[Stored entries]
● ● ● ●

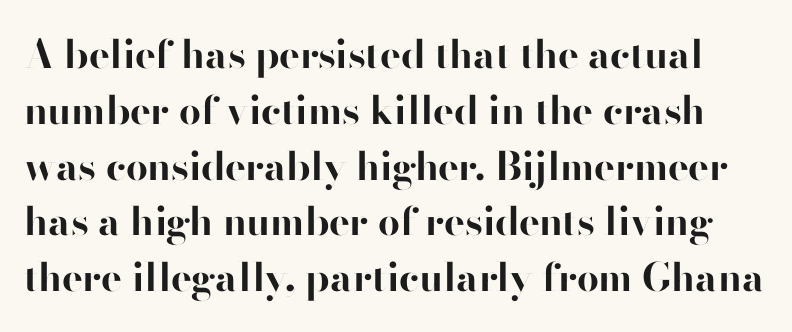
The leading is moderate, giving the passage an even texture. Posture: straight, roman, zero tilt. In terms of letterspacing, this is plain default setting. Letterform terminals end flat and unadorned throughout the passage. Each letter keeps its own natural width here, so spacing adapts to shape.
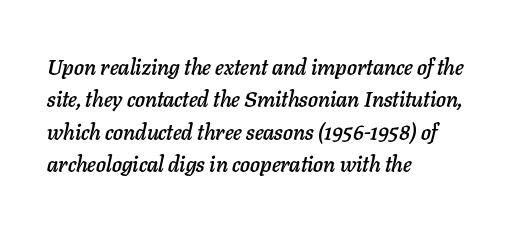
Has an underline been added? It has not. The passage shown stacks its lines at a standard gap. These lines were composed using italics. The type is set solid horizontally, with unmodified tracking. The rendering anchors every line to the left-hand side.
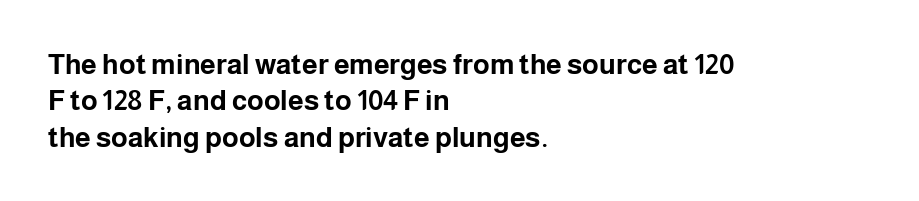
Has an underline been added? It has not. There is no visible air inserted between adjacent glyphs. The ragged edge is on the right, which tells us the setting is flush left. Look at the stroke-to-counter ratio: heavy, a bold. A sans-serif font was chosen for this passage.
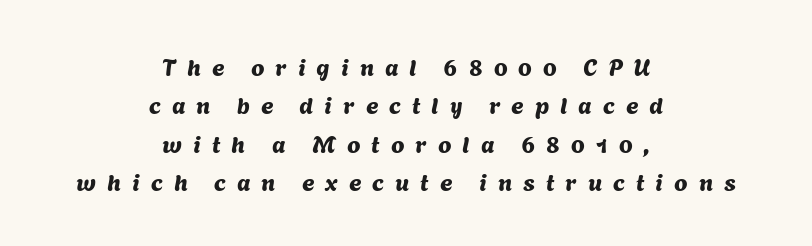
The image shows 24 px text type; set centered, normal line spacing (1.6x), unusually wide letter spacing (+0.46 em), not underlined.
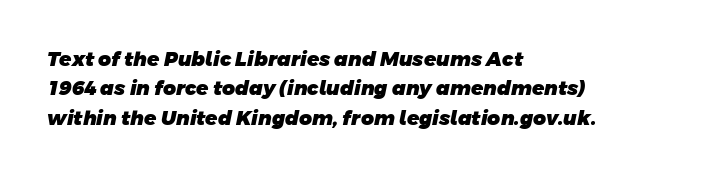
Q: Is the text bold? A: Yes.
Q: Is the text underlined? A: No.
Q: How is the paragraph aligned? A: Left-aligned.
Q: Is the spacing between letters normal or unusually wide? A: Normal.
Q: Is the spacing between lines tight, normal or loose? A: Normal.
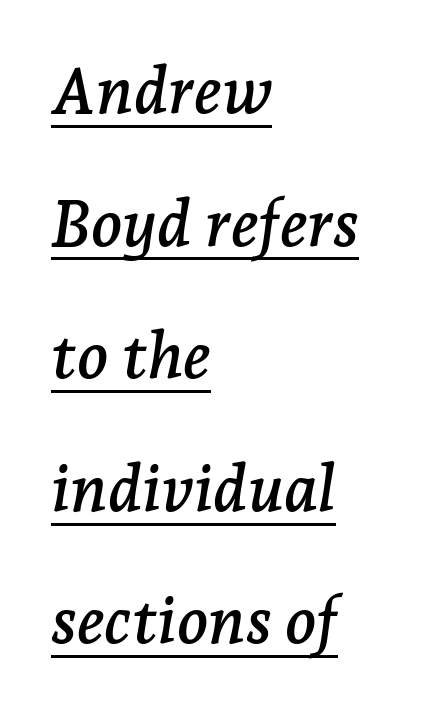
The image shows 65 px serif type, italic (leaning right); set left-aligned, loose line spacing (2.04x), normal letter spacing, underlined; low stroke contrast and a medium x-height.
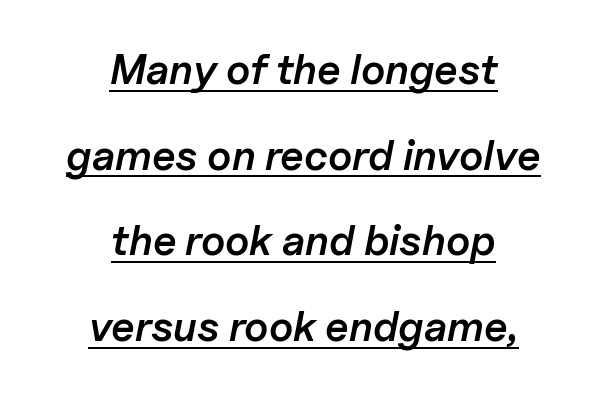
{"italic": "yes", "lean": "right", "slant_degrees": 11, "bold": "semi", "weight": "semibold", "width": "normal", "stroke_contrast": "low", "x_height": "medium", "monospaced": "no", "underline": "yes", "align": "center", "line_spacing": "loose", "line_spacing_ratio": 2.04, "letter_spacing": "normal", "letter_spacing_em": 0.0, "glyph_px": 42}
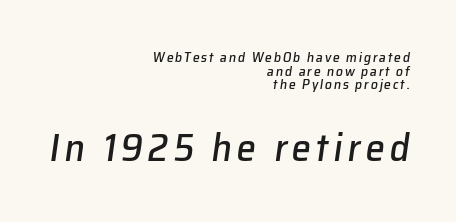
Spacing verdict: proportional, widths tailored to each character. In this sample the second text group is rendered at the bigger scale. The string is rendered with underlining switched off. Regarding leading, the lines here are crowded together. All the whitespace from short lines collects on the left. Would a proofreader flag this as italicized? Yes.

● ● ● ●

▶ _What to produce_
Lines from the one above containing "Has an underline been added? It has not. The passage" down to the one containing "The image shows 65" should be transcribed exactly, with both ends kept and no pictures.

▶ _Answer section_
Has an underline been added? It has not. The passage shown stacks its lines at a standard gap. These lines were composed using italics. The type is set solid horizontally, with unmodified tracking. The rendering anchors every line to the left-hand side.
Has an underline been added? It has not. There is no visible air inserted between adjacent glyphs. The ragged edge is on the right, which tells us the setting is flush left. Look at the stroke-to-counter ratio: heavy, a bold. A sans-serif font was chosen for this passage.
The image shows 24 px text type; set centered, normal line spacing (1.6x), unusually wide letter spacing (+0.46 em), not underlined.
Q: Is the text bold? A: Yes.
Q: Is the text underlined? A: No.
Q: How is the paragraph aligned? A: Left-aligned.
Q: Is the spacing between letters normal or unusually wide? A: Normal.
Q: Is the spacing between lines tight, normal or loose? A: Normal.
The image shows 65 px serif type, italic (leaning right); set left-aligned, loose line spacing (2.04x), normal letter spacing, underlined; low stroke contrast and a medium x-height.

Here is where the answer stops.